Start of Block
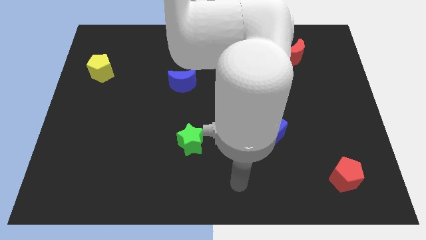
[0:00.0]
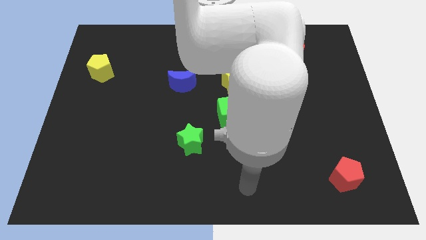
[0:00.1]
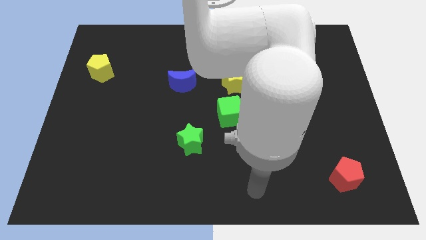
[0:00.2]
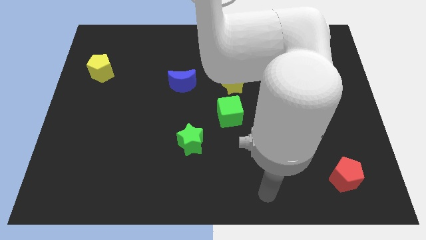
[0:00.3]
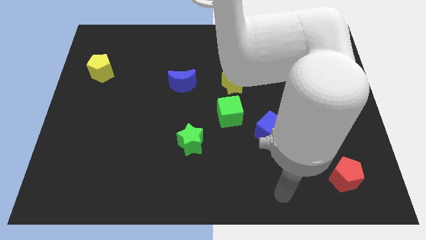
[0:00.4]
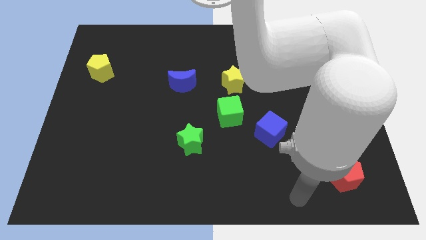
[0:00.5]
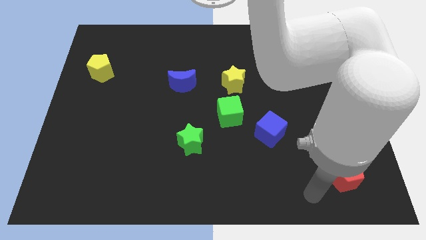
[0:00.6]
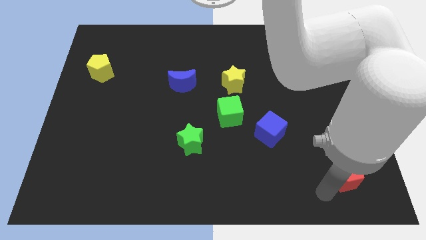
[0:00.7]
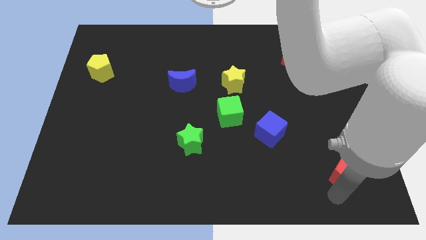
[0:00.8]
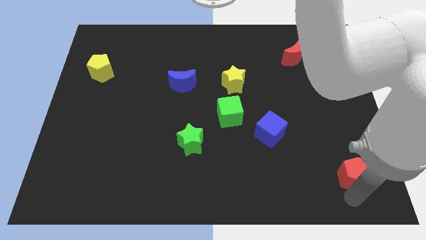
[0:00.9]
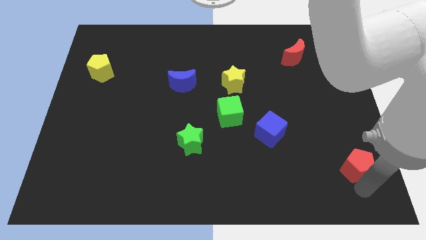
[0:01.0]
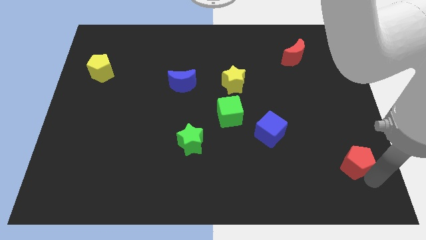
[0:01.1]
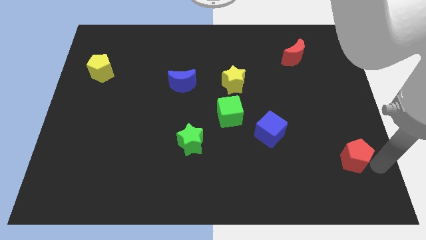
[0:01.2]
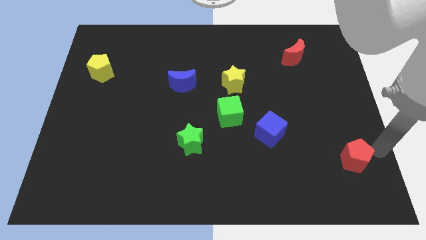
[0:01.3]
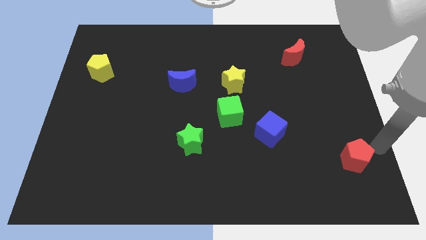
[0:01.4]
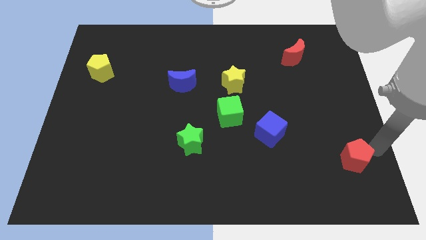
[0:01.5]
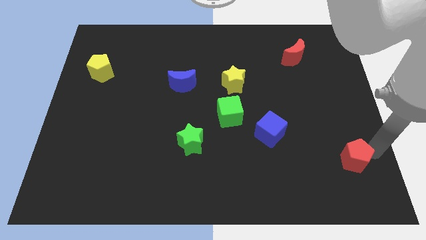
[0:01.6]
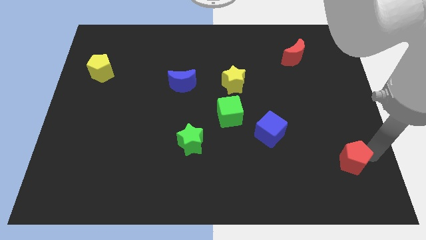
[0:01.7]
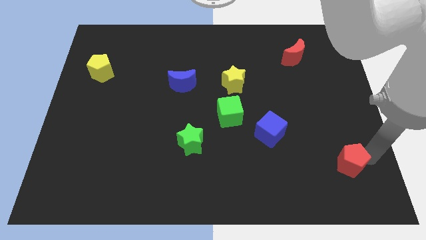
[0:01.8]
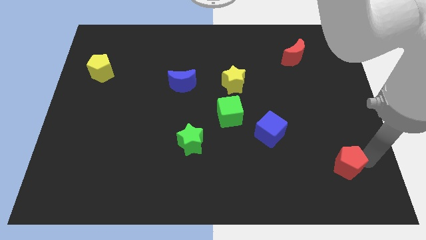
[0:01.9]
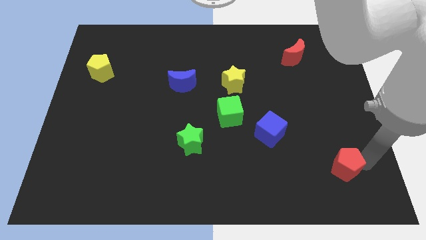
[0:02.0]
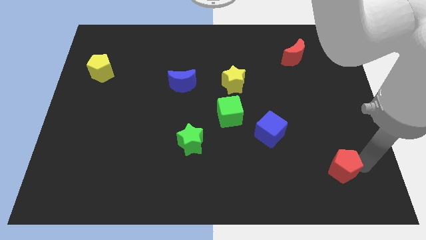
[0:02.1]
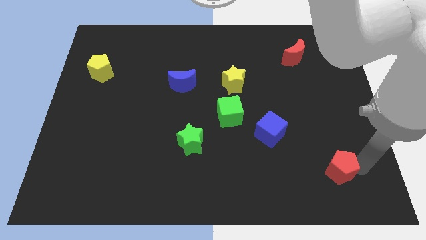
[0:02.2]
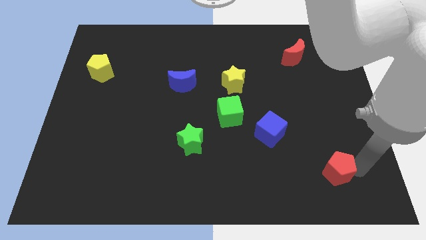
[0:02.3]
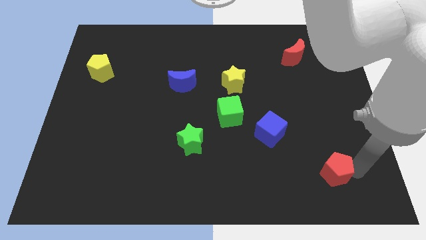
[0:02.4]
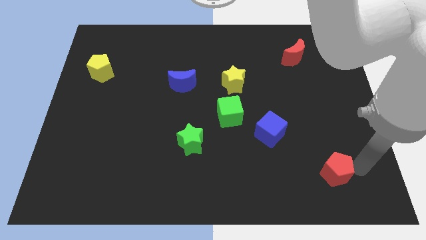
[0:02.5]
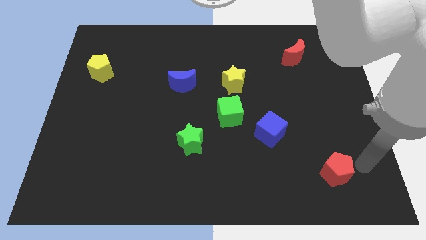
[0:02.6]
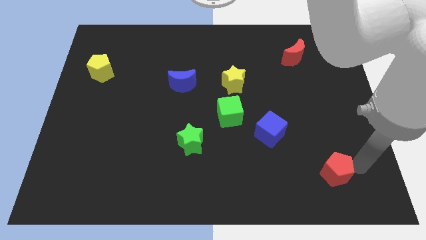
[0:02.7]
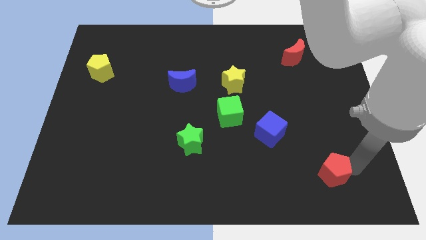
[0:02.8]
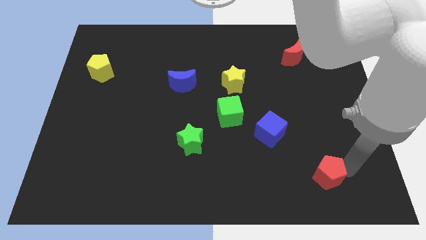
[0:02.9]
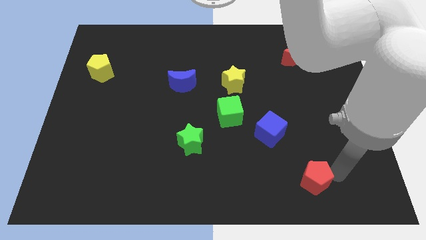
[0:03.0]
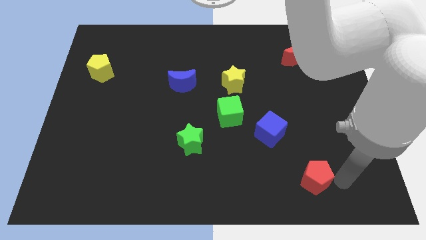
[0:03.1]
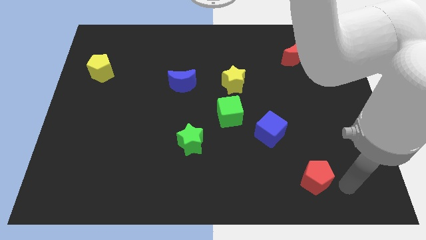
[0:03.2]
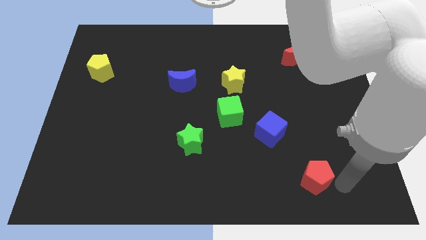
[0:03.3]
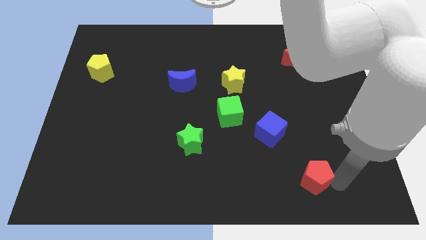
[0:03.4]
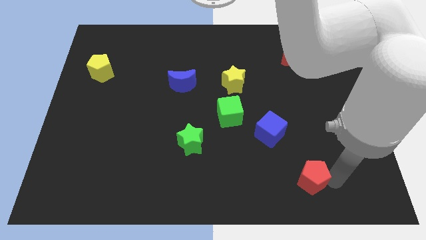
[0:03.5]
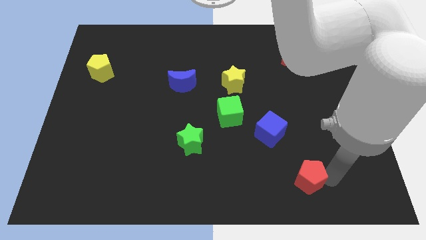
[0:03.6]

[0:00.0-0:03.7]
move the red pentagon to the left a little bit
End of Block
Retype all the entries exactly; drop the pictures.

[0:00.0]
[0:00.1]
[0:00.2]
[0:00.3]
[0:00.4]
[0:00.5]
[0:00.6]
[0:00.7]
[0:00.8]
[0:00.9]
[0:01.0]
[0:01.1]
[0:01.2]
[0:01.3]
[0:01.4]
[0:01.5]
[0:01.6]
[0:01.7]
[0:01.8]
[0:01.9]
[0:02.0]
[0:02.1]
[0:02.2]
[0:02.3]
[0:02.4]
[0:02.5]
[0:02.6]
[0:02.7]
[0:02.8]
[0:02.9]
[0:03.0]
[0:03.1]
[0:03.2]
[0:03.3]
[0:03.4]
[0:03.5]
[0:03.6]

[0:00.0-0:03.7]
move the red pentagon to the left a little bit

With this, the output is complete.